AI API keys are not like other API keys. When a traditional API key is stolen, the attacker can read or write data depending on its scope. When an LLM API key is stolen, the attacker can burn thousands of pounds of compute budget in hours, extract internal context through model interactions, and use your AI infrastructure as a platform for their own operations — all while the usage appears in your billing as legitimate inference traffic.

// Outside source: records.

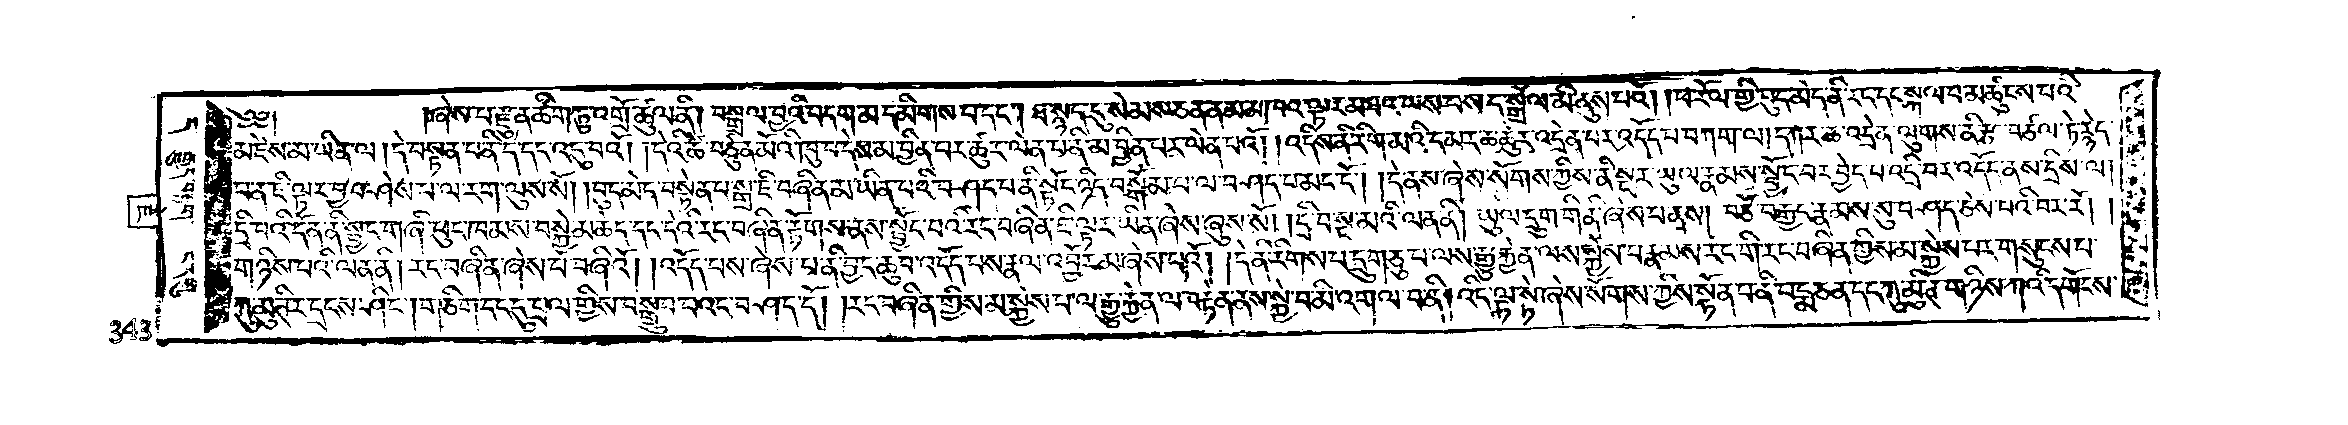༄༅། །ཞེས་པ་རྫུན་ཚིག་ཏུ་འགྲོ་ཚུལ་ནི། བསྒྲལ་བྱའི་བདག་མ་དམིགས་པ་དང་། ཐ་སྙད་དུ་སེམས་ཅན་ནམ་མཁའ་ལྟར་མཐའ་ཡས་བསད་སྒྲོལ་མི་ནུས་པའོ། །ཕ་རོལ་གྱི་བུད་མེད་ནི་རང་དང་སྐལ་བ་མཚུངས་པའི་
མཛེས་མ་ཡིན་ལ། དེ་བསྟན་པ་ནི་དེ་དང་འདུ་བའོ། །དེའི་ཚེ་བཙུན་མོའི་ཁུ་པ་དེས་མ་བྱིན་པར་ཚུར་ལེན་པ་ནི་མ་བྱིན་པར་ལེན་པའོ། །འདིས་ནི་རིག་མའི་དམར་ཆ་ཚུར་འདྲེན་པར་འདོད་པ་བཀག་ལ། དཀར་ཆ་འདྲེན་ལུགས་ནི་རྩ་བཙལ་ཏེ་རྙེད་
པ་ན་ཇི་ལྟར་བྱ་བ་ཤེས་པ་ལ་རག་ལུས་སོ། །བུད་མེད་བསྟེན་པ་སྒྲ་ཇི་བཞིན་མ་ཡིན་པའི་བཤད་པ་ནི་སྟོང་ཉིད་བསྒོམ་པ་ལ་བཤད་པ་མང་ངོ། །དེ་ནས་ཞེས་སོགས་ཀྱིས་ནི་སྔར་ཡུལ་རྣམས་སྦྱོང་བར་བྱེད་པ་འདྲི་བར་འདོད་ནས་དྲིས་ལ།
དྲི་པའི་དོན་ནི་སྦྱང་གཞི་ཕུང་ཁམས་བསྐྱེ་མཆེད་དང་དེའི་རང་བཞིན་རྟོགས་ནས་སྦྱོང་བའི་རང་བཞིན་ཇི་ལྟར་ཡིན་ཞེས་ཞུས་སོ། །དྲི་བ་སྔ་མའི་ལན་ནི། ཡུལ་དྲུག་གི་ནི་ཞེས་པ་ནས། བཅོ་བརྒྱད་རྣམས་སུ་བཤད་ཅེས་པའི་བར་རོ། །
གཉིས་པའི་ལན་ནི། རང་བཞིན་ཞེས་པ་བཞིའོ། །འདོད་པས་ཞེས་པ་ནི་བྱང་ཆུབ་འདོད་པས་རྣལ་འབྱོར་མ་ཞེས་པའོ། །དེ་ནི་རིགས་པ་དྲུག་ཅུ་པ་ལས་རྒྱུ་རྐྱེན་ལས་སྐྱེས་པ་རྣམས་རང་གི་རང་བཞིན་གྱིས་མ་སྐྱེས་པར་གསུངས་པ་
ཀུ་མུ་ཊིར་དྲངས་ཤིང་། གཅིག་དང་དུ་པྲལ་གྱིས་བསྒྲུབ་པའང་བཤད་དོ། །རང་བཞིན་གྱིས་མ་སྐྱེས་པ་ལ་རྒྱུ་རྐྱེན་ལ་བརྟེན་ནས་སྐྱེ་བ་མི་འགལ་བ་ནི། འདི་ལྟ་སྟེ་ཞེས་སོགས་ཀྱིས་སྟོན་པ་ནི་པདམ་ཅན་དང་ཀུ་མུ་ཊི་གཉིས་ཀའི་དགོངས་
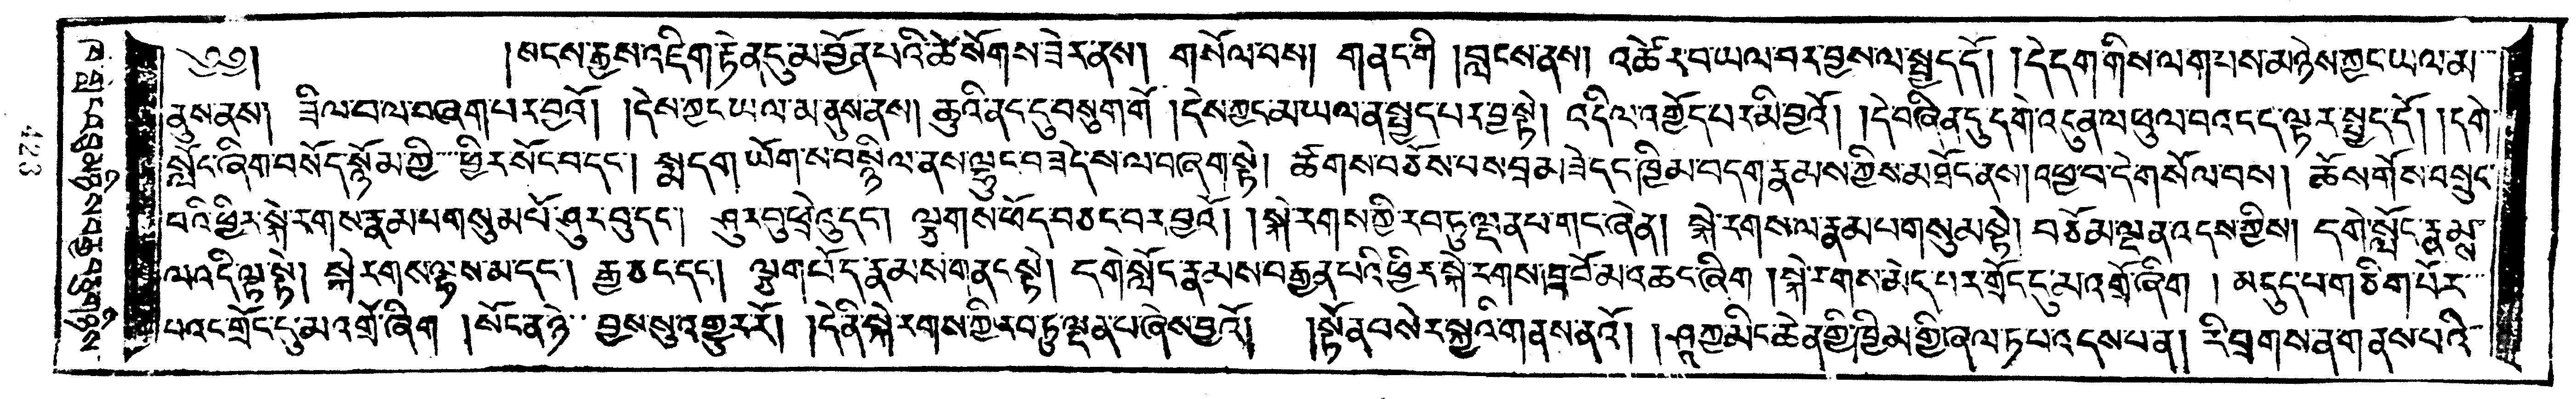༄༅། །སངས་རྒྱས་འཇིག་རྟེན་དུ་མ་བྱོན་པའི་ཚེ་སོགས་ཟེར་ནས། གསོལ་བས། གནང་གི །བླངས་ནས། འཚེར་བ་ཡལ་བར་བྱས་ལ་སྤྱད་དོ། །དེ་དག་གིས་ལག་པས་མཉེས་ཀྱང་ཡལ་མ་
ནུས་ནས། ཟིལ་བ་ལ་བཞག་པར་བྱའོ། །དེས་ཀྱང་ཡལ་མ་ནུས་ནས། ཆུའི་ནང་དུ་བསུག་གོ །དེས་ཀྱང་མ་ཡལ་ན་སྤྱད་པར་བྱ་སྟེ། འདི་ལ་འགྱོད་པར་མི་བྱའོ། །དེ་བཞིན་དུ་དགེ་འདུན་ལ་ཕུལ་བའང་ད་ལྟར་སྤྱད་དོ། །དགེ་
སློང་ཞིག་བསོད་སྙོམ་ཀྱི་ཕྱིར་སོང་བ་དང་། སྨད་གཡོག་ས་བསྙིལ་ནས་ལྷུང་བཟེད་ས་ལ་བཞག་སྟེ། ཚགས་བཅོས་པས་བྲམ་ཟེ་དང་ཁྱིམ་བདག་རྣམས་ཀྱིས་མཐོང་ནས། འཕྱ་བ་དེ་གསོལ་བས། ཆོས་གོས་བསྲུང་
བའི་ཕྱིར་སྐེ་རགས་རྣམ་པ་གསུམ་པོ་ཤུར་བུ་དང་། ཤུར་བུ་ཕྲེའུ་དང་། ལྕགས་ཕོད་བཅང་བར་བྱའོ། །སྐེ་རགས་ཀྱི་རབ་ཏུ་ལྡན་པ་གང་ཞེན། སྐེ་རགས་ལ་རྣམ་པ་གསུམ་སྟེ། བཅོམ་ལྡན་འདས་ཀྱིས། དགེ་སློང་རྣམས་
ལ་འདི་ལྟ་སྟེ། སྐེ་རགས་ལྷས་མ་དང་། རྒྱ་ཅང་དང་། ལྕག་པོད་རྣམས་གནང་སྟེ། དགེ་སློང་རྣམས་བརྒྱན་པའི་ཕྱིར་སྐེ་རགས་བྲ་བོ་མ་འཆང་ཞིག །སྐེ་རགས་མེད་པར་གྲོང་དུ་མ་འགྲོ་ཞིག །མདུད་པ་གཅིག་པོར་
པའང་གྲོང་དུ་མ་འགྲོ་ཞིག །སོང་ན་ཉེ་བྱས་སུ་འགྱུར་རོ། །དེ་ནི་སྐེ་རགས་ཀྱི་རབ་ཏུ་ལྡན་པ་ཞེས་བྱའོ། །སྟོན་པ་སེར་སྐྱའི་གནས་ནའོ། །ཤཱཀྱ་མིང་ཆེན་གྱི་ཁྱིམ་གྱི་ཞལ་ཏ་པ་འདས་པ་ན། རི་བྲགས་ན་གནས་པའི་

The attack surface is also expanding quickly. Every enterprise AI deployment connecting to a managed LLM endpoint — whether AWS Bedrock, Azure OpenAI, or GCP Vertex AI — introduces these credentials into environments that weren’t designed with AI-specific threats in mind. This guide covers the hardening steps for each major cloud provider.
Why LLM API Key Theft Is Different
Standard API key theft has a defined blast radius: scope what the key can do, and you know the worst-case outcome. LLM API keys have a more fluid threat model.
Cost amplification: A single GPT-4 or Claude API key with no spend limits can exhaust a monthly budget in hours through automated prompt generation. Attackers running jailbreak-as-a-service operations or training data extraction operations pay nothing for their compute.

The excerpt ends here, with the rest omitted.